We provide a structured tree diagram (below) representing the organization of the notebooks directory. This diagram delineates the specific notebooks responsible for generating each panel of the figures.
It is important to execute the notebooks sequentially, following the top-to-bottom order presented in the tree diagram.

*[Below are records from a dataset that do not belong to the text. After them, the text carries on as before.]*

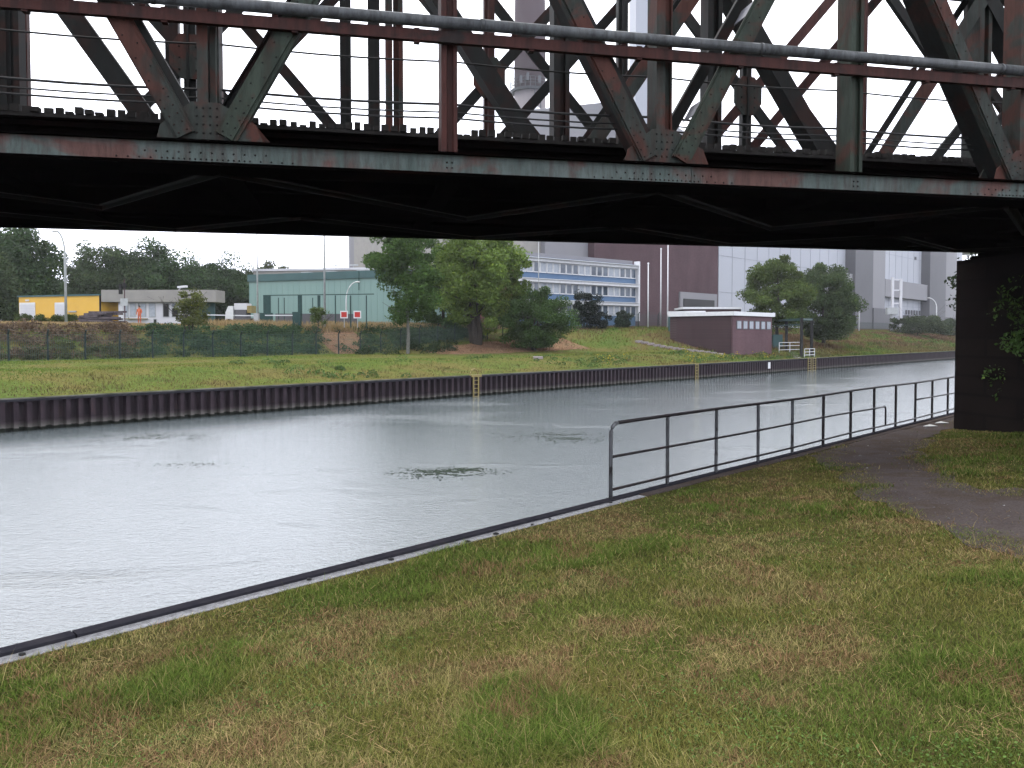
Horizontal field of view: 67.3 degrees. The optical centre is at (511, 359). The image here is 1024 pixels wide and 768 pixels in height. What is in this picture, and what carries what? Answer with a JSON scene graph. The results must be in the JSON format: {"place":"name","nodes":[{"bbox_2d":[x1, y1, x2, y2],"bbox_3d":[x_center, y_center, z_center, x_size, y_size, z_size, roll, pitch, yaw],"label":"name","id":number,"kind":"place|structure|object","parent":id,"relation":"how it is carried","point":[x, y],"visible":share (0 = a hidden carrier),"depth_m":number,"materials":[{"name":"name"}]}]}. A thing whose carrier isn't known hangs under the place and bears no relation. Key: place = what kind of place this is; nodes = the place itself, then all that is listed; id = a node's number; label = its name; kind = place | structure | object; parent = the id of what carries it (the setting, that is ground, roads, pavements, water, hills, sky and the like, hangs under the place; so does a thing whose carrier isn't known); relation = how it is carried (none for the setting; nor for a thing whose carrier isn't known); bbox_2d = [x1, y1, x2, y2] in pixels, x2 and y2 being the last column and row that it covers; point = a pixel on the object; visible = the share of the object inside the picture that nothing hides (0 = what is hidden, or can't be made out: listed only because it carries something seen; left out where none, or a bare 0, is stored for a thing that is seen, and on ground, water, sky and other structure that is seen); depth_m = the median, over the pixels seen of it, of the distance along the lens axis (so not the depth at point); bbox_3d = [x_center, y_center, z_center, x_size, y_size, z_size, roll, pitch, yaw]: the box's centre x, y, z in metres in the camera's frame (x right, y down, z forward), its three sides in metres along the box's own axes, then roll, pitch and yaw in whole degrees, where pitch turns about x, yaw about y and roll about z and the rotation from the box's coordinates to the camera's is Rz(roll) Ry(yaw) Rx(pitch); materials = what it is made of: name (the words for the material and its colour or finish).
{"place":"outdoors","nodes":[
{"label":"outdoors","id":0,"kind":"place"},
{"bbox_2d":[0,359,954,647],"bbox_3d":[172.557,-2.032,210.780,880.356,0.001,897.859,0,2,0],"label":"water","id":1,"kind":"structure","parent":0,"point":[96,531],"depth_m":25.70,"materials":[{"name":"grey liquid"}]},
{"bbox_2d":[26,401,814,480],"bbox_3d":[0.521,3.225,43.118,23.954,0.012,45.080,2,2,44],"label":"floating weed","id":2,"kind":"object","parent":1,"relation":"on","point":[461,469],"visible":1,"depth_m":32.77,"materials":[{"name":"green plant"}]},
{"bbox_2d":[0,351,954,432],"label":"sheet pile wall","id":3,"kind":"structure","parent":1,"relation":"in","point":[41,413],"depth_m":49.35,"materials":[{"name":"metal"}]},
{"bbox_2d":[470,369,481,396],"bbox_3d":[-2.740,1.935,57.709,0.300,2.486,1.000,2,3,44],"label":"quay ladder","id":4,"kind":"object","parent":3,"relation":"attached to","point":[478,375],"visible":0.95,"depth_m":57.61,"materials":[{"name":"yellow metal"}]},
{"bbox_2d":[0,323,954,398],"bbox_3d":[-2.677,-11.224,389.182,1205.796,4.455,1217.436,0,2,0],"label":"bank","id":5,"kind":"structure","parent":0,"point":[451,364],"depth_m":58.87,"materials":[{"name":"green plant"}]},
{"bbox_2d":[0,251,30,321],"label":"woodland tree","id":6,"kind":"object","parent":5,"relation":"on","point":[9,307],"visible":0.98,"depth_m":95.53,"materials":[{"name":"green plant"}]},
{"bbox_2d":[14,312,32,320],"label":"bush","id":7,"kind":"object","parent":5,"relation":"on","point":[29,317],"visible":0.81,"depth_m":80.58,"materials":[{"name":"green plant"}]},
{"bbox_2d":[0,228,69,321],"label":"woodland tree","id":8,"kind":"object","parent":5,"relation":"on","point":[35,260],"visible":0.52,"depth_m":102.41,"materials":[{"name":"green plant"}]},
{"bbox_2d":[33,313,49,321],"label":"bush","id":9,"kind":"object","parent":5,"relation":"on","point":[41,317],"visible":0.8,"depth_m":80.44,"materials":[{"name":"green plant"}]},
{"bbox_2d":[49,314,64,322],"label":"bush","id":10,"kind":"object","parent":5,"relation":"on","point":[56,318],"visible":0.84,"depth_m":80.19,"materials":[{"name":"green plant"}]},
{"bbox_2d":[51,230,67,321],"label":"street lamp","id":11,"kind":"object","parent":5,"relation":"on","point":[65,285],"visible":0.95,"depth_m":73.71,"materials":[{"name":"grey metal"}]},
{"bbox_2d":[17,294,118,321],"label":"site cabin","id":12,"kind":"object","parent":5,"relation":"on","point":[47,306],"visible":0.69,"depth_m":82.02,"materials":[{"name":"yellow metal"}]},
{"bbox_2d":[19,302,34,317],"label":"window","id":13,"kind":"structure","parent":12,"relation":"in","point":[28,308],"depth_m":83.39,"materials":[{"name":"white paint"}]},
{"bbox_2d":[55,302,64,315],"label":"window","id":14,"kind":"structure","parent":12,"relation":"in","point":[59,307],"depth_m":81.96,"materials":[{"name":"white paint"}]},
{"bbox_2d":[60,314,78,321],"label":"bush","id":15,"kind":"object","parent":5,"relation":"on","point":[72,317],"visible":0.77,"depth_m":80.11,"materials":[{"name":"green plant"}]},
{"bbox_2d":[58,239,150,294],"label":"woodland tree","id":16,"kind":"object","parent":5,"relation":"on","point":[89,276],"visible":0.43,"depth_m":123.79,"materials":[{"name":"green plant"}]},
{"bbox_2d":[118,279,127,322],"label":"signal post","id":17,"kind":"object","parent":5,"relation":"on","point":[124,301],"visible":0.91,"depth_m":72.75,"materials":[{"name":"grey metal"}]},
{"bbox_2d":[104,236,215,304],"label":"woodland tree","id":18,"kind":"object","parent":5,"relation":"on","point":[166,271],"visible":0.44,"depth_m":127.60,"materials":[{"name":"green plant"}]},
{"bbox_2d":[101,285,224,323],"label":"gatehouse","id":19,"kind":"object","parent":5,"relation":"on","point":[154,310],"visible":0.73,"depth_m":80.81,"materials":[{"name":"white paint"}]},
{"bbox_2d":[130,303,135,316],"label":"window","id":20,"kind":"structure","parent":19,"relation":"in","point":[132,305],"depth_m":80.83,"materials":[{"name":"white glass"}]},
{"bbox_2d":[140,303,145,316],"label":"window","id":21,"kind":"structure","parent":19,"relation":"in","point":[142,305],"depth_m":80.83,"materials":[{"name":"white glass"}]},
{"bbox_2d":[149,303,155,316],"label":"window","id":22,"kind":"structure","parent":19,"relation":"in","point":[152,306],"depth_m":80.83,"materials":[{"name":"white glass"}]},
{"bbox_2d":[162,303,169,316],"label":"window","id":23,"kind":"structure","parent":19,"relation":"in","point":[166,313],"depth_m":80.83,"materials":[{"name":"black paint"}]},
{"bbox_2d":[149,287,212,329],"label":"elder bush","id":24,"kind":"object","parent":5,"relation":"on","point":[189,317],"visible":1,"depth_m":67.37,"materials":[{"name":"green plant"}]},
{"bbox_2d":[183,263,233,311],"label":"woodland tree","id":25,"kind":"object","parent":5,"relation":"on","point":[205,275],"visible":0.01,"depth_m":136.90,"materials":[{"name":"green plant"}]},
{"bbox_2d":[199,250,248,321],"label":"woodland tree","id":26,"kind":"object","parent":5,"relation":"on","point":[232,283],"visible":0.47,"depth_m":138.46,"materials":[{"name":"green plant"}]},
{"bbox_2d":[208,313,259,321],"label":"boom barrier","id":27,"kind":"object","parent":5,"relation":"on","point":[256,316],"visible":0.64,"depth_m":79.68,"materials":[{"name":"white metal"}]},
{"bbox_2d":[225,303,255,320],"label":"service truck","id":28,"kind":"object","parent":5,"relation":"on","point":[242,309],"visible":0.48,"depth_m":95.95,"materials":[{"name":"white paint"}]},
{"bbox_2d":[0,318,485,359],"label":"bramble thicket","id":29,"kind":"object","parent":5,"relation":"on","point":[229,331],"visible":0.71,"depth_m":69.59,"materials":[{"name":"green plant"}]},
{"bbox_2d":[236,262,260,320],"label":"woodland tree","id":30,"kind":"object","parent":5,"relation":"on","point":[248,272],"depth_m":150.08,"materials":[{"name":"green plant"}]},
{"bbox_2d":[0,318,508,331],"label":"dry grass","id":31,"kind":"structure","parent":5,"relation":"on","point":[224,322],"depth_m":79.99,"materials":[{"name":"plant"}]},
{"bbox_2d":[256,234,258,312],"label":"flagpole","id":32,"kind":"object","parent":5,"relation":"on","point":[257,270],"visible":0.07,"depth_m":94.62,"materials":[{"name":"white metal"}]},
{"bbox_2d":[260,260,290,268],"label":"woodland tree","id":33,"kind":"object","parent":5,"relation":"on","point":[268,265],"visible":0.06,"depth_m":183.40,"materials":[{"name":"green plant"}]},
{"bbox_2d":[265,314,301,324],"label":"boom barrier","id":34,"kind":"object","parent":5,"relation":"on","point":[297,319],"visible":0.86,"depth_m":79.72,"materials":[{"name":"teal metal"}]},
{"bbox_2d":[275,314,356,324],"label":"wall","id":35,"kind":"structure","parent":5,"relation":"on","point":[305,317],"depth_m":91.06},
{"bbox_2d":[259,294,373,327],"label":"sliding gate","id":36,"kind":"structure","parent":5,"relation":"on","point":[266,305],"depth_m":83.79,"materials":[{"name":"green metal"}]},
{"bbox_2d":[308,306,330,329],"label":"elder bush","id":37,"kind":"object","parent":5,"relation":"on","point":[318,314],"visible":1,"depth_m":75.69,"materials":[{"name":"green plant"}]},
{"bbox_2d":[323,236,325,326],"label":"flagpole","id":38,"kind":"object","parent":5,"relation":"on","point":[324,283],"visible":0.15,"depth_m":81.70,"materials":[{"name":"white metal"}]},
{"bbox_2d":[0,311,666,360],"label":"wire fence","id":39,"kind":"object","parent":5,"relation":"on","point":[120,346],"visible":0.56,"depth_m":67.64,"materials":[{"name":"metal"}]},
{"bbox_2d":[313,328,375,353],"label":"bare earth","id":40,"kind":"structure","parent":5,"relation":"on","point":[344,340],"depth_m":80.42,"materials":[{"name":"brown soil"}]},
{"bbox_2d":[340,311,347,327],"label":"warning sign","id":41,"kind":"object","parent":40,"relation":"on","point":[344,314],"visible":1,"depth_m":78.89,"materials":[{"name":"metal"}]},
{"bbox_2d":[247,269,451,322],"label":"green warehouse","id":42,"kind":"structure","parent":5,"relation":"on","point":[295,285],"depth_m":111.50,"materials":[{"name":"metal"}]},
{"bbox_2d":[252,267,372,274],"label":"roof","id":43,"kind":"structure","parent":42,"relation":"attached to","point":[278,271],"depth_m":142.79,"materials":[{"name":"metal"}]},
{"bbox_2d":[360,237,444,353],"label":"broadleaf tree","id":44,"kind":"object","parent":5,"relation":"on","point":[399,258],"visible":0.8,"depth_m":77.82,"materials":[{"name":"green plant"}]},
{"bbox_2d":[412,239,466,328],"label":"broadleaf tree","id":45,"kind":"object","parent":5,"relation":"on","point":[435,318],"visible":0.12,"depth_m":93.08,"materials":[{"name":"green plant"}]},
{"bbox_2d":[349,237,587,268],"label":"grey hall","id":46,"kind":"structure","parent":5,"relation":"on","point":[359,247],"depth_m":140.99,"materials":[{"name":"grey metal"}]},
{"bbox_2d":[426,336,589,353],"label":"bare earth","id":47,"kind":"structure","parent":5,"relation":"on","point":[489,343],"depth_m":87.64,"materials":[{"name":"brown soil"}]},
{"bbox_2d":[427,239,532,344],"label":"broadleaf tree","id":48,"kind":"object","parent":47,"relation":"on","point":[471,269],"visible":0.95,"depth_m":85.76,"materials":[{"name":"green plant"}]},
{"bbox_2d":[228,346,815,378],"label":"bank weeds","id":49,"kind":"object","parent":5,"relation":"on","point":[596,359],"visible":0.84,"depth_m":71.23,"materials":[{"name":"green plant"}]},
{"bbox_2d":[510,0,545,120],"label":"chimney","id":50,"kind":"object","parent":5,"relation":"on","point":[528,84],"visible":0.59,"depth_m":291.09,"materials":[{"name":"white paint"}]},
{"bbox_2d":[495,286,581,350],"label":"round shrub","id":51,"kind":"object","parent":5,"relation":"on","point":[531,332],"visible":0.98,"depth_m":87.32,"materials":[{"name":"green plant"}]},
{"bbox_2d":[480,251,639,325],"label":"office block","id":52,"kind":"structure","parent":5,"relation":"on","point":[615,283],"depth_m":114.10,"materials":[{"name":"white paint"},{"name":"blue paint"},{"name":"glass"}]},
{"bbox_2d":[533,261,539,272],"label":"window","id":53,"kind":"structure","parent":52,"relation":"in","point":[535,263],"depth_m":107.47,"materials":[{"name":"white glass"}]},
{"bbox_2d":[540,262,546,272],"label":"window","id":54,"kind":"structure","parent":52,"relation":"in","point":[543,265],"depth_m":108.37,"materials":[{"name":"grey glass"}]},
{"bbox_2d":[547,262,552,272],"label":"window","id":55,"kind":"structure","parent":52,"relation":"in","point":[549,264],"depth_m":109.08,"materials":[{"name":"grey glass"}]},
{"bbox_2d":[553,263,559,273],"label":"window","id":56,"kind":"structure","parent":52,"relation":"in","point":[556,266],"depth_m":109.88,"materials":[{"name":"grey glass"}]},
{"bbox_2d":[553,283,559,293],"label":"window","id":57,"kind":"structure","parent":52,"relation":"in","point":[556,286],"depth_m":109.96,"materials":[{"name":"white glass"}]},
{"bbox_2d":[560,263,565,273],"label":"window","id":58,"kind":"structure","parent":52,"relation":"in","point":[562,265],"depth_m":110.61,"materials":[{"name":"grey glass"}]},
{"bbox_2d":[560,283,565,293],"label":"window","id":59,"kind":"structure","parent":52,"relation":"in","point":[562,286],"depth_m":110.72,"materials":[{"name":"grey glass"}]},
{"bbox_2d":[566,264,571,274],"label":"window","id":60,"kind":"structure","parent":52,"relation":"in","point":[568,266],"depth_m":111.42,"materials":[{"name":"grey glass"}]},
{"bbox_2d":[566,284,571,294],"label":"window","id":61,"kind":"structure","parent":52,"relation":"in","point":[568,286],"depth_m":111.45,"materials":[{"name":"white glass"}]},
{"bbox_2d":[572,264,577,274],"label":"window","id":62,"kind":"structure","parent":52,"relation":"in","point":[574,266],"depth_m":112.08,"materials":[{"name":"white glass"}]},
{"bbox_2d":[578,265,584,275],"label":"window","id":63,"kind":"structure","parent":52,"relation":"in","point":[581,268],"depth_m":112.90,"materials":[{"name":"white glass"}]},
{"bbox_2d":[584,265,590,275],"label":"window","id":64,"kind":"structure","parent":52,"relation":"in","point":[587,267],"depth_m":113.69,"materials":[{"name":"white glass"}]},
{"bbox_2d":[608,286,613,296],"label":"window","id":65,"kind":"structure","parent":52,"relation":"in","point":[610,288],"depth_m":116.84,"materials":[{"name":"white glass"}]},
{"bbox_2d":[614,267,619,277],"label":"window","id":66,"kind":"structure","parent":52,"relation":"in","point":[616,270],"depth_m":117.49,"materials":[{"name":"white glass"}]},
{"bbox_2d":[614,286,619,296],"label":"window","id":67,"kind":"structure","parent":52,"relation":"in","point":[616,289],"depth_m":117.57,"materials":[{"name":"white glass"}]},
{"bbox_2d":[571,289,613,328],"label":"conifer shrub","id":68,"kind":"object","parent":5,"relation":"on","point":[589,309],"visible":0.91,"depth_m":103.08,"materials":[{"name":"green plant"}]},
{"bbox_2d":[530,103,683,139],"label":"boiler house","id":69,"kind":"structure","parent":5,"relation":"on","point":[594,108],"depth_m":197.21,"materials":[{"name":"grey metal"}]},
{"bbox_2d":[613,310,633,327],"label":"bush","id":70,"kind":"object","parent":5,"relation":"on","point":[622,318],"visible":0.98,"depth_m":107.38,"materials":[{"name":"green plant"}]},
{"bbox_2d":[629,0,647,123],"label":"lift tower","id":71,"kind":"structure","parent":5,"relation":"on","point":[638,15],"depth_m":176.18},
{"bbox_2d":[647,263,648,326],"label":"flagpole","id":72,"kind":"object","parent":5,"relation":"on","point":[648,299],"visible":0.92,"depth_m":113.75,"materials":[{"name":"white metal"}]},
{"bbox_2d":[588,243,717,326],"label":"brick hall","id":73,"kind":"structure","parent":5,"relation":"on","point":[692,276],"depth_m":158.75,"materials":[{"name":"brown brick"}]},
{"bbox_2d":[660,248,661,325],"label":"flagpole","id":74,"kind":"object","parent":5,"relation":"on","point":[660,282],"visible":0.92,"depth_m":117.63,"materials":[{"name":"white metal"}]},
{"bbox_2d":[667,245,668,326],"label":"flagpole","id":75,"kind":"object","parent":5,"relation":"on","point":[667,282],"visible":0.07,"depth_m":115.62,"materials":[{"name":"white metal"}]},
{"bbox_2d":[635,340,722,354],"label":"concrete stair","id":76,"kind":"object","parent":5,"relation":"on","point":[654,344],"visible":0.81,"depth_m":96.65,"materials":[{"name":"grey concrete"}]},
{"bbox_2d":[667,311,705,330],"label":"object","id":77,"kind":"structure","parent":5,"relation":"on","point":[678,312],"depth_m":105.82,"materials":[{"name":"white paint"}]},
{"bbox_2d":[674,307,741,311],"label":"pump annex","id":78,"kind":"object","parent":5,"relation":"on","point":[715,309],"visible":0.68,"depth_m":111.83,"materials":[{"name":"white metal"}]},
{"bbox_2d":[668,311,774,355],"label":"pump house","id":79,"kind":"structure","parent":5,"relation":"on","point":[733,332],"depth_m":97.82,"materials":[{"name":"brick"}]},
{"bbox_2d":[735,254,818,334],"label":"maple tree","id":80,"kind":"object","parent":5,"relation":"on","point":[795,292],"visible":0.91,"depth_m":109.80,"materials":[{"name":"green plant"}]},
{"bbox_2d":[772,318,812,357],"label":"steel gantry","id":81,"kind":"object","parent":5,"relation":"on","point":[776,338],"visible":0.79,"depth_m":104.11,"materials":[{"name":"metal"}]},
{"bbox_2d":[779,342,814,357],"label":"white guardrail","id":82,"kind":"object","parent":5,"relation":"on","point":[796,349],"visible":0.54,"depth_m":104.84,"materials":[{"name":"metal"}]},
{"bbox_2d":[786,262,868,342],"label":"maple tree","id":83,"kind":"object","parent":5,"relation":"on","point":[839,301],"visible":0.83,"depth_m":118.73,"materials":[{"name":"green plant"}]},
{"bbox_2d":[718,246,977,330],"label":"turbine hall","id":84,"kind":"structure","parent":5,"relation":"on","point":[923,275],"depth_m":240.09,"materials":[{"name":"grey metal"}]},
{"bbox_2d":[853,322,904,329],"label":"crest fence","id":85,"kind":"object","parent":5,"relation":"on","point":[867,325],"visible":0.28,"depth_m":198.71,"materials":[{"name":"grey metal"}]},
{"bbox_2d":[885,277,902,330],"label":"pipe portal","id":86,"kind":"object","parent":5,"relation":"on","point":[892,310],"visible":0.9,"depth_m":181.39,"materials":[{"name":"white metal"}]},
{"bbox_2d":[888,304,954,334],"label":"bramble bush","id":87,"kind":"object","parent":5,"relation":"on","point":[924,324],"visible":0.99,"depth_m":174.68,"materials":[{"name":"green plant"}]},
{"bbox_2d":[925,312,955,335],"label":"bramble bush","id":88,"kind":"object","parent":5,"relation":"on","point":[950,321],"visible":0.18,"depth_m":192.85,"materials":[{"name":"green plant"}]},
{"bbox_2d":[944,253,976,310],"bbox_3d":[15.803,-1.166,25.734,2.359,5.396,2.538,0,2,0],"label":"pier shrub","id":89,"kind":"object","parent":5,"relation":"on","point":[952,281],"visible":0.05,"depth_m":26.32,"materials":[{"name":"green plant"}]},
{"bbox_2d":[1,0,1003,282],"label":"sky","id":90,"kind":"structure","parent":0,"point":[59,58],"materials":[{"name":"white"}]},
{"bbox_2d":[0,421,1023,767],"bbox_3d":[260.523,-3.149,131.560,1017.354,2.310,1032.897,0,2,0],"label":"bank","id":91,"kind":"structure","parent":0,"point":[628,520],"depth_m":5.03,"materials":[{"name":"green plant"}]},
{"bbox_2d":[0,412,953,664],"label":"quay wall","id":92,"kind":"structure","parent":91,"relation":"on","point":[104,629],"depth_m":7.03,"materials":[{"name":"concrete"}]},
{"bbox_2d":[609,376,954,498],"bbox_3d":[11.623,1.018,20.500,0.082,1.108,29.651,2,3,44],"label":"railing","id":93,"kind":"object","parent":92,"relation":"on","point":[715,438],"visible":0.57,"depth_m":12.85,"materials":[{"name":"metal"}]},
{"bbox_2d":[1,459,1023,767],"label":"dry stems","id":94,"kind":"object","parent":91,"relation":"on","point":[295,747],"visible":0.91,"depth_m":4.45,"materials":[{"name":"beige plant"}]},
{"bbox_2d":[37,467,1023,767],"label":"clover","id":95,"kind":"object","parent":91,"relation":"on","point":[965,741],"visible":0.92,"depth_m":3.99,"materials":[{"name":"green plant"}]},
{"bbox_2d":[954,240,1023,432],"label":"bridge pier","id":96,"kind":"structure","parent":91,"relation":"on","point":[981,278],"depth_m":16.44,"materials":[{"name":"concrete"}]},
{"bbox_2d":[0,0,1023,252],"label":"railway bridge","id":97,"kind":"structure","parent":96,"relation":"on","point":[202,152],"depth_m":10.19,"materials":[{"name":"paint"}]},
{"bbox_2d":[981,275,1023,400],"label":"ivy","id":98,"kind":"object","parent":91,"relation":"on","point":[1013,342],"visible":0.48,"depth_m":15.62,"materials":[{"name":"green plant"}]},
{"bbox_2d":[808,416,1023,563],"bbox_3d":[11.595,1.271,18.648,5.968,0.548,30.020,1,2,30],"label":"gravel path","id":99,"kind":"structure","parent":0,"point":[983,507],"depth_m":9.40,"materials":[{"name":"grey gravel"}]},
{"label":"timber beam","id":100,"kind":"object","parent":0,"visible":0},
{"bbox_2d":[79,319,109,321],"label":"timber beam","id":101,"kind":"structure","parent":100,"relation":"on","point":[93,320],"depth_m":71.65,"materials":[{"name":"wood"}]},
{"bbox_2d":[85,317,120,318],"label":"timber beam","id":102,"kind":"structure","parent":101,"relation":"on","point":[102,317],"depth_m":72.00,"materials":[{"name":"brown wood"}]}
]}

This ensures a smooth workflow, as many notebooks requires the output of their predecessors.
notebooks
|
├── 0.Set_timestamp.ipynb
├── enrichment
| ├── 1.QC_filter_and_impute.ipynb
| ├── 2.Batch_selection.ipynb
| ├── 3.correlation_filter.ipynb
| ├── 4.NOC_processing.ipynb
| └── output
| ├── correlation_tables
| | └── ..
| ├── enrichment_and_volcano_tables
| | └── ..
| └── preprocessing
| └── ..
├── Fig1
│ └── panel_L
│ ├── Fig1_L_heatmap.ipynb
│ └── output
| └── ..
├── Fig2
│ ├── panel_B
│ │ ├── Fig2_B_heatmap.ipynb
│ │ └── output
| | └── ..
│ ├── panel_C
│ │ ├── Fig2_C_consensus_annotation.ipynb
│ │ └── output
| | └── ..
│ └── panel_D
│ ├── Fig2_D_umap.ipynb
│ └── output
| └── ..
├── Fig3
│ ├── panels_A_B_F
│ │ ├── Fig3_A_B_F_local_k-NN_network.ipynb
│ │ └── output
| | └── ..
│ └── panels_C_D
│ ├── Fig3_C_D_cluster_connectivity_and_Jaccard_coeff.ipynb
│ └── output
| └── ..
├── Fig4
│ └── panel_D
│ └── Please_read.txt
├── Fig5
| ├── 0.Set_fig5_timestamp.ipynb
│ ├── panel_A
│ │ ├── 1.infected_enrichment
| | | ├── 1.QC_filter_and_impute.ipynb
| | | ├── 2.Batch_selection.ipynb
| | | ├── 3.correlation_filter.ipynb
| | | ├── 4.NOC_processing.ipynb
| | | └── output
| | | └── ..
│ │ ├── 2.control_enrichment
| | | ├── 1.QC_filter_and_impute.ipynb
| | | ├── 2.Batch_selection.ipynb
| | | ├── 3.correlation_filter.ipynb
| | | ├── 4.NOC_processing.ipynb
| | | └── output
| | | └── ..
│ │ └── 3.aligned_umap
│ │ ├── Fig5_A_aligned_umap.ipynb
│ │ └── output
| | └── ..
│ ├── panel_B
│ │ ├── Fig5_B_remodeling_score.ipynb
│ │ └── output
| | └── ..
│ ├── panel_C
│ │ ├── Fig5_C_umap_with_leiden_labels.ipynb
│ │ └── output
| | └── ..
│ ├── panel_D
│ │ ├── Fig5_D_trajectory.ipynb
│ │ └── output
| | └── ..
│ └── panel_E
│ ├── Fig5_E_Sankey_plot.ipynb
│ └── output
| └── ..
├── Fig6
│ └── ..
|
└── Supplementary_figures
├── Suppl_fig1
| └── ..
├── Suppl_fig2
| ├── Suppl_fig2.ipynb
│ └── output
| └── ..
├── Suppl_fig3
| ├── panel_A
| | ├── Suppl_fig3_A_IP_correlation_vs_interaction_stoi.ipynb
| | └── output
| | └── ..
| └── panel_B
| ├── Suppl_fig3_B_tenary_plots.ipynb
| └── output
| └── ..
├── Suppl_fig4
| └── panel_B
| ├── Suppl_fig4_B_XGBoost_classifier.ipynb
| └── output
| └── ..
These are Python modules that contain the bulk of the code used for data analysis and figure generation. They are used directly by the Jupyter notebooks discussed above. Please note that these scripts are explicitly written for, and specific to this project and/or the OpenCell project. They are not intended to form a stand-alone or general-purpose Python package.
This project is licensed under the BSD 3-Clause license - see the LICENSE file for details.